━━ RAW DATA ━━

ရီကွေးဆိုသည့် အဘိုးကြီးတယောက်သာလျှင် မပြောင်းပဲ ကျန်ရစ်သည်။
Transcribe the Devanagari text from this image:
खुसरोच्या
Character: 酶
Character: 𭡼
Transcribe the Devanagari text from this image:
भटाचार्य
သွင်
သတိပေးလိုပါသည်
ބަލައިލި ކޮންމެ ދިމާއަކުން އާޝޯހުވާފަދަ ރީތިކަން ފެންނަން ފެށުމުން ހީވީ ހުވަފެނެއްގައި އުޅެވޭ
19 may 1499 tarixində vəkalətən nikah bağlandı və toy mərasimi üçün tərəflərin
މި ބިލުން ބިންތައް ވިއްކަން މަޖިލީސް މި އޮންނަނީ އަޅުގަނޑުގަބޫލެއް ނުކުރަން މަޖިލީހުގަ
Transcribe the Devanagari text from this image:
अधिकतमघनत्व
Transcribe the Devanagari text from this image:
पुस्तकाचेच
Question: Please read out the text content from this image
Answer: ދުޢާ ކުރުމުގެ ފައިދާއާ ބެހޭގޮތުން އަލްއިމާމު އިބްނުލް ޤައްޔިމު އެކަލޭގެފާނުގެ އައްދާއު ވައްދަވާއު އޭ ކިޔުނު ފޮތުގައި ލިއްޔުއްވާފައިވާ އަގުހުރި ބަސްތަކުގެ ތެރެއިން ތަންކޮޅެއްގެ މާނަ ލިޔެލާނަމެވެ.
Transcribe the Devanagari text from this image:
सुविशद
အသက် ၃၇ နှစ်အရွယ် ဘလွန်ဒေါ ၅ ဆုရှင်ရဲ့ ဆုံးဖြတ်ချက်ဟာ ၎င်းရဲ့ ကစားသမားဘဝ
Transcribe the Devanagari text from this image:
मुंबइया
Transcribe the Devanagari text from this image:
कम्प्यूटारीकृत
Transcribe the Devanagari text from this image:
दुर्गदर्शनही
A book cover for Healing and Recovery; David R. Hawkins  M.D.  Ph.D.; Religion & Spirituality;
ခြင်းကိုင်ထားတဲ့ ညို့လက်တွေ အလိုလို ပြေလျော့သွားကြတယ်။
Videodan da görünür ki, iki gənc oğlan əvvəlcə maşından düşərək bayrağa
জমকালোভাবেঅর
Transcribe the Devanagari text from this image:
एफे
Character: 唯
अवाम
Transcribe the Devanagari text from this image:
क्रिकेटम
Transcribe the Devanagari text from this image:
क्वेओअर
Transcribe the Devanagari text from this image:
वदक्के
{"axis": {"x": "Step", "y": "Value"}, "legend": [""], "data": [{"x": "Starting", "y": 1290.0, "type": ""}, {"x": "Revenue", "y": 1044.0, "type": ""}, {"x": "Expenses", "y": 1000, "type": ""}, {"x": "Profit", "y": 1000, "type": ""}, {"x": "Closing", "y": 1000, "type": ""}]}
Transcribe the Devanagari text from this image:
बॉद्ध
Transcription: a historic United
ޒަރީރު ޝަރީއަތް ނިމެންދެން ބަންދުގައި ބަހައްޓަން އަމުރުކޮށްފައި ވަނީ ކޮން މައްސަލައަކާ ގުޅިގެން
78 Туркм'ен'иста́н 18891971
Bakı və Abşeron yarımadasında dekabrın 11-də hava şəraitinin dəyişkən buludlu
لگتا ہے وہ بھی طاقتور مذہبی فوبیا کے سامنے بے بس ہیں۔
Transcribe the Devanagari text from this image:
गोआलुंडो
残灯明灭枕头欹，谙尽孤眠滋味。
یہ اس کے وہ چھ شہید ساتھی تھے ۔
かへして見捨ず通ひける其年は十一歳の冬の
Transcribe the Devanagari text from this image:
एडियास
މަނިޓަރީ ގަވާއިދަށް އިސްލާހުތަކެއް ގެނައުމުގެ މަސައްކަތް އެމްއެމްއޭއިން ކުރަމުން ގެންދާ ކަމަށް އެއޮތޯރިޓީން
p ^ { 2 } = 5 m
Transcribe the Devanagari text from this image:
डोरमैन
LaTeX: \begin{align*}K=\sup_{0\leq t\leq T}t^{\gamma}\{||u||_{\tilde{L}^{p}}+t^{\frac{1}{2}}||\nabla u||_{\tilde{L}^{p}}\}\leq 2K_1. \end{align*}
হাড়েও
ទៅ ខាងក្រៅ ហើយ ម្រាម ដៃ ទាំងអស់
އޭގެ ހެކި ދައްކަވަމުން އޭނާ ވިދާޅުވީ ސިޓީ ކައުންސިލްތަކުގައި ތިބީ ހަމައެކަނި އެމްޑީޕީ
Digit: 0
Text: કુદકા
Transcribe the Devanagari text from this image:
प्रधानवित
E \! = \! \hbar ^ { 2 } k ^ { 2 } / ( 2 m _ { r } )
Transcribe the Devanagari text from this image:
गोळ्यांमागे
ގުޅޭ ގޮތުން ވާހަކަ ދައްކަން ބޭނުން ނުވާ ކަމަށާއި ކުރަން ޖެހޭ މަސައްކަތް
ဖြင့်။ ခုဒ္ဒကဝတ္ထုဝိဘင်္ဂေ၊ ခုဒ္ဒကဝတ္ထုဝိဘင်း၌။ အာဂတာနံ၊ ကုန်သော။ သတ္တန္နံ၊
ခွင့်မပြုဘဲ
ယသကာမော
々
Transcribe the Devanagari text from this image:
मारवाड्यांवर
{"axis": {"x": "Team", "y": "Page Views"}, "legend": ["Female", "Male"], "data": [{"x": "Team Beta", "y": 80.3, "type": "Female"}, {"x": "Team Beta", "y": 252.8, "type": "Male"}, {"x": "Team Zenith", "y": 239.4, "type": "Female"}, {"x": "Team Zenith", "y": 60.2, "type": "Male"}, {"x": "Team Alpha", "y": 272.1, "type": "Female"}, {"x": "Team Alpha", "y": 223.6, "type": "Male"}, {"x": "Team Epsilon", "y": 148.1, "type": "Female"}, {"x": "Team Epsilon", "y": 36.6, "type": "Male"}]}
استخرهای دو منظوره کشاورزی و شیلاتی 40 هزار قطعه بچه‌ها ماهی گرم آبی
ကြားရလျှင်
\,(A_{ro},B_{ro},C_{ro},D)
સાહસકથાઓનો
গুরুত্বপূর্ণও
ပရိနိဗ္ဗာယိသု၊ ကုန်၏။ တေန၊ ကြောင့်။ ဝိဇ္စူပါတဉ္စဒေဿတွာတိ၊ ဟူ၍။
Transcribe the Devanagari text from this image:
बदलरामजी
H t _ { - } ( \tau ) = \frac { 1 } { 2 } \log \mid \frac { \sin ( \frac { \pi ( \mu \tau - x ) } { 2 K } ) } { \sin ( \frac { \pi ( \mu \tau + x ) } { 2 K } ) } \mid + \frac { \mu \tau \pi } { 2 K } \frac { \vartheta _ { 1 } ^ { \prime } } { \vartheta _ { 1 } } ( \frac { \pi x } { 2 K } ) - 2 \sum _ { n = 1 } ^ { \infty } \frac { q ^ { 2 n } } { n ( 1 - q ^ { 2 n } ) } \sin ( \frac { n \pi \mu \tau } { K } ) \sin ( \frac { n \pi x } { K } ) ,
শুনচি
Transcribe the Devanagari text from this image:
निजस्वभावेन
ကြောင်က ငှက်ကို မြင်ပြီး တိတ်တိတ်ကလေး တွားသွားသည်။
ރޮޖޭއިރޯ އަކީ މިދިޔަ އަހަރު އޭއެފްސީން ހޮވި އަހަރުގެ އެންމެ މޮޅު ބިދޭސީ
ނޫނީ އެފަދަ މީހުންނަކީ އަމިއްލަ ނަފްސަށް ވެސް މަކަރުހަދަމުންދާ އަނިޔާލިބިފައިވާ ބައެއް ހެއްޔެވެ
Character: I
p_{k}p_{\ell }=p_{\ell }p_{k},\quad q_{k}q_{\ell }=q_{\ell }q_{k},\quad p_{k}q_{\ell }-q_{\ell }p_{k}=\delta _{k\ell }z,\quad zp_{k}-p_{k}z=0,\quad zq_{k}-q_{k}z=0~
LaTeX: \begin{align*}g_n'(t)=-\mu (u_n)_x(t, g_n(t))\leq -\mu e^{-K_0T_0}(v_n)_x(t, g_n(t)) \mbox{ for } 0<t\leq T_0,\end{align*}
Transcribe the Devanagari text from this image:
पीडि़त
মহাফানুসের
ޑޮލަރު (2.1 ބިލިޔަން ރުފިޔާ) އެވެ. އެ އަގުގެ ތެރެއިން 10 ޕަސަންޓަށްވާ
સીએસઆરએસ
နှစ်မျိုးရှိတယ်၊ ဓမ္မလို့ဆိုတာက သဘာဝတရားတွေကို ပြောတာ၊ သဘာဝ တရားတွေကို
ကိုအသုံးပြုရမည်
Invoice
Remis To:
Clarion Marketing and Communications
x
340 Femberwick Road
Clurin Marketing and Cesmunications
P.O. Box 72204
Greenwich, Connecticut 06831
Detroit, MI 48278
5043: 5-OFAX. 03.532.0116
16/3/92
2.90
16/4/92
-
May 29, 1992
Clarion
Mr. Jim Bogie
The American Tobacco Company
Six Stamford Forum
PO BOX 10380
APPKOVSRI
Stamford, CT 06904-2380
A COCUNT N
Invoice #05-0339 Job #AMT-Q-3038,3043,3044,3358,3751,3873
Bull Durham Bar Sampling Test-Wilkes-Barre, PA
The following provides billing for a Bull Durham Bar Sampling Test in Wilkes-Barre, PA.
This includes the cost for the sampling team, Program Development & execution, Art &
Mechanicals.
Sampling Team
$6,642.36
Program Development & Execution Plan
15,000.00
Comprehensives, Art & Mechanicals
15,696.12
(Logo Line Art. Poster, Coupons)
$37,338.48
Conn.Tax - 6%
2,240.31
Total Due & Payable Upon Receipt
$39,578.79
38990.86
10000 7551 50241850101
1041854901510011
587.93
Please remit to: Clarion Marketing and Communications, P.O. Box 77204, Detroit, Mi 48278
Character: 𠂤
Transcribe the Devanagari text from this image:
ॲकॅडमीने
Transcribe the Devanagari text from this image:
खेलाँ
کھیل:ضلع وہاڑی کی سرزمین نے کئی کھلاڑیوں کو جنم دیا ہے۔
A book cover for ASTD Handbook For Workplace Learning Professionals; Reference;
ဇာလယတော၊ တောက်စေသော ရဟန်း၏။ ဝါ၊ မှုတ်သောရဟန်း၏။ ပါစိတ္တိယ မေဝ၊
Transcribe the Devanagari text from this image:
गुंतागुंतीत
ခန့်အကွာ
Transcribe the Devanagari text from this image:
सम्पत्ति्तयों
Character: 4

━━━

Starting at the line that contains "A book cover for ASTD", write out every line through the last one in the data above, exactly as it stands.

### YOUR RESPONSE
A book cover for ASTD Handbook For Workplace Learning Professionals; Reference;
ဇာလယတော၊ တောက်စေသော ရဟန်း၏။ ဝါ၊ မှုတ်သောရဟန်း၏။ ပါစိတ္တိယ မေဝ၊
Transcribe the Devanagari text from this image:
गुंतागुंतीत
ခန့်အကွာ
Transcribe the Devanagari text from this image:
सम्पत्ति्तयों
Character: 4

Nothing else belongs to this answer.